Extra guards have been posted at entry gates to military housing developments to block the media from entering the base.

The tragedy unfolded when Major Hasan walked into a soldier readiness centre at the base and opened fire, in the worst attack against the military by one of its own men, killing 12 soldiers and one defence department civilian.

While the motive for the attack, which also left 31 people injured, remains unclear, reports suggest there were some signs that Hasan, who had signed up with the army after high school despite objections from his parents, was troubled.

Investigators examined Hasan's computer, his home and his garbage on Friday to learn what motivated the suspect, who lay in a coma, to unleash a hail of bullets on fellow soldiers. Hospital officials said some of the wounded had extremely serious injuries and might not survive.

One of the suspect's cousins said that after the 9/11 attacks, Hasan, a devout Muslim, complained of feeling harassed by some service members for his religious background. He was reportedly a loner who socialised little with fellow officers. He also expressed strong views about the US' involvement in Iraq and Afghanistan, and apparently did not want to be deployed to Afghanistan.

A neighbour who lived near Hasan's apartment said he was the 'nicest guy you'd want to meet'.

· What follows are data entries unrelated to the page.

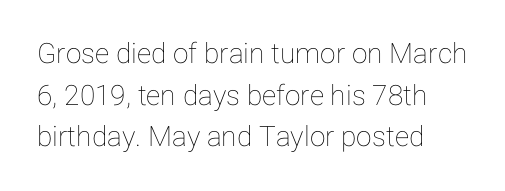
Q: Is the text italic (slanted)? A: No, it is upright.
Q: Is the text underlined? A: No.
Q: How is the paragraph aligned? A: Left-aligned.
Q: Is the spacing between letters normal or unusually wide? A: Normal.
Q: Is the spacing between lines tight, normal or loose? A: Normal.
Q: Width (condensed, normal, or wide)? A: Normal.
Q: Stroke contrast? A: Low.
Q: x-height? A: Medium.
Q: Monospaced? A: No.
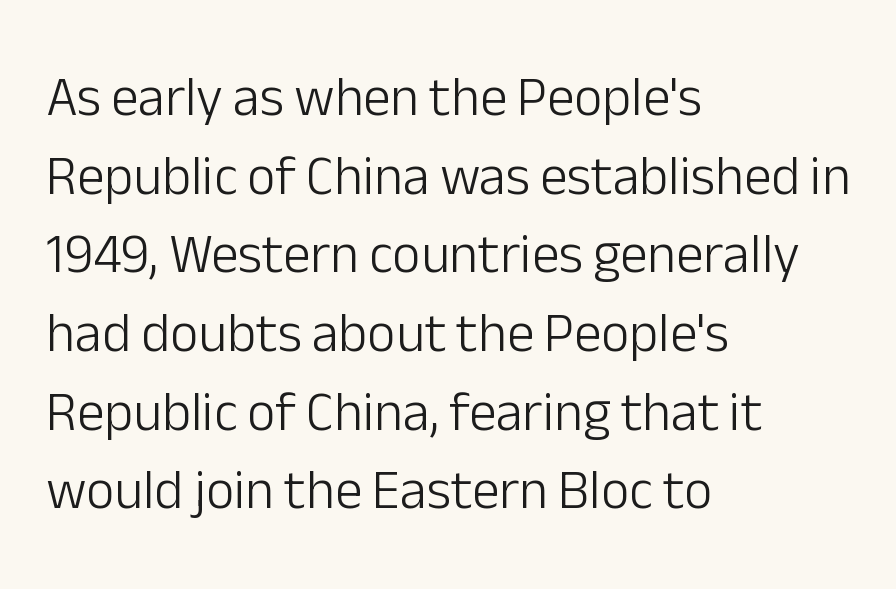
Ink coverage per letter is moderate at most. These lines are rendered in a variable-pitch font. Short and long lines alike share a common starting point at left. Letters rest on an invisible, unmarked baseline. Letterform terminals end flat and unadorned throughout the passage. These lines were composed using upright roman letters.
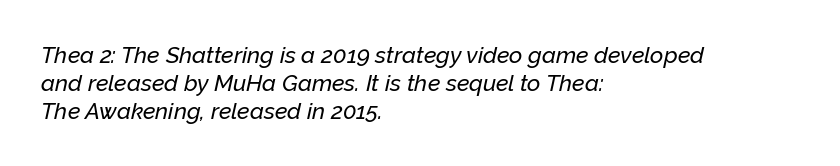
The image shows 23 px text type, italic (leaning right); set left-aligned, line spacing 1.21x, normal letter spacing, not underlined.

Hasan apparently got a bad performance review while working as counselor at the Walter Reed Army Medical Centre in Washington. Yet, the army promoted him to the rank of a major anyway, as it did with approximately 93 per cent of its captains last year.

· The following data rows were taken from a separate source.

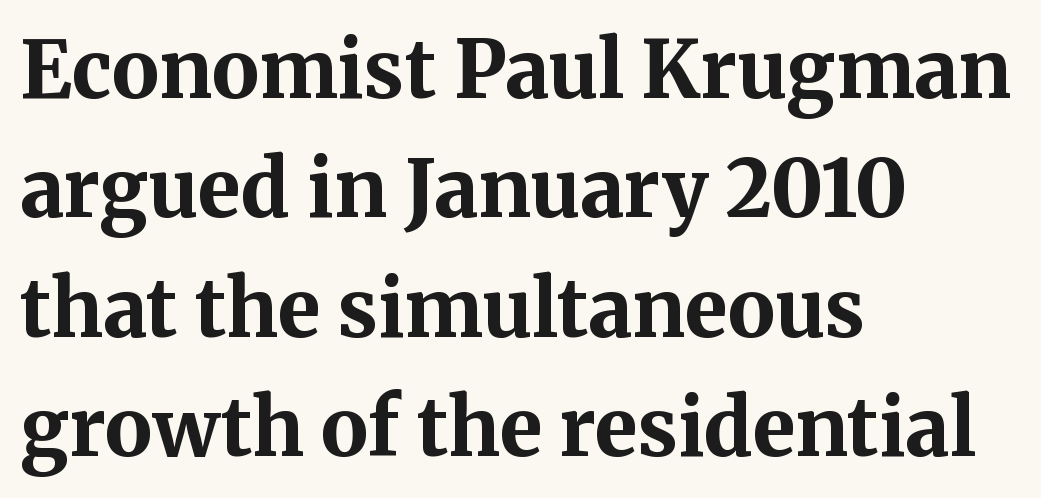
Is there much room between lines? A standard amount, neither cramped nor airy. How heavy is the stroke? Heavy — this is a bold. Rule under the text: the space is simply empty. Words appear dense and cohesive because spacing is normal.
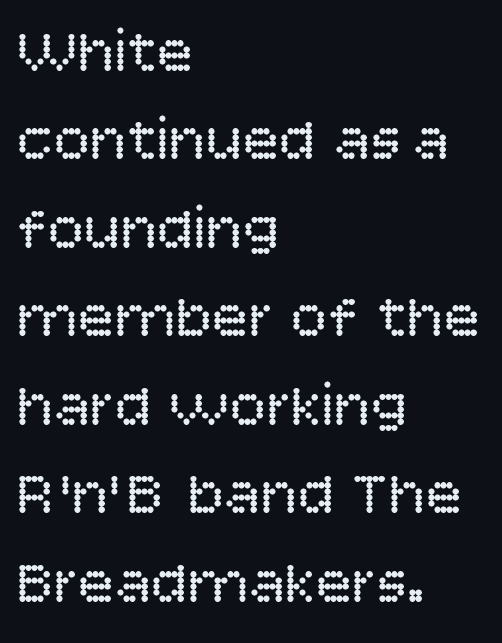
The space beneath each line is pristine and unruled. In terms of leading, this rendering sits right in the middle. The face used here is a sans, in the tradition of grotesques and geometrics. Looks like regular typesetting: each glyph gets only the width it needs.
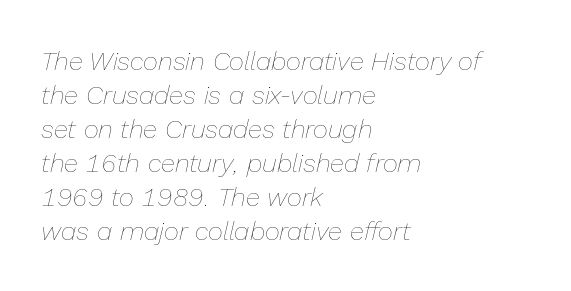
The image shows 26 px text type, italic (leaning right); set left-aligned, normal line spacing (1.31x), normal letter spacing, not underlined.
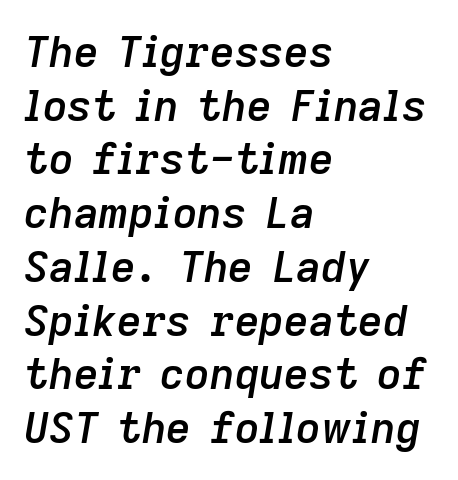
The image shows 43 px semibold type, italic (leaning right); set left-aligned, normal line spacing (1.25x), normal letter spacing, not underlined; low stroke contrast and a medium x-height.
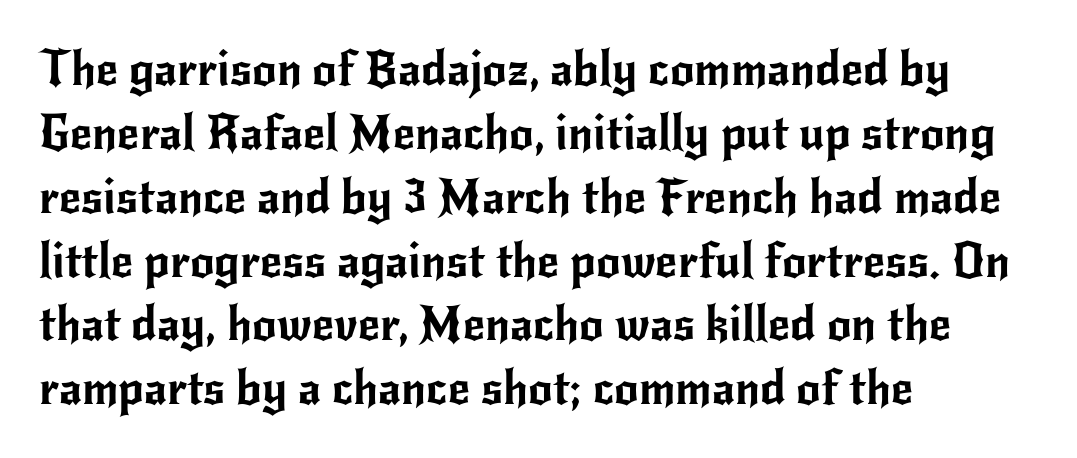
This is roman type, the default non-slanted kind. The zone under the glyphs is completely vacant. These lines are rendered in a variable-pitch font. The lines sit at an ordinary, default distance from one another. Where is the straight margin? On the left.

Hasan, who had never been deployed to a war zone, could not have been experiencing post-traumatic stress disorder, said psychiatrists. But counseling traumatised soldiers can also be stressful, as can the prospect of being deployed into a war zone, they said.

The suspect's aunt Noel Hasan said his sessions with traumatised soldiers had taken a toll. She told the media that he met one man who was so badly burned "that his face had nearly melted. He told us how upsetting it was to him."

She alleged that he had faced harassment on the job because of his religion and wanted a discharge, while a co-worker told the media that he had expressed anger over the US war in Iraq and spoke of the need for Muslims to 'stand up and fight against the aggressor'.

In a statement, Hasan's family said that his actions were deplorable and did not reflect how the family was reared.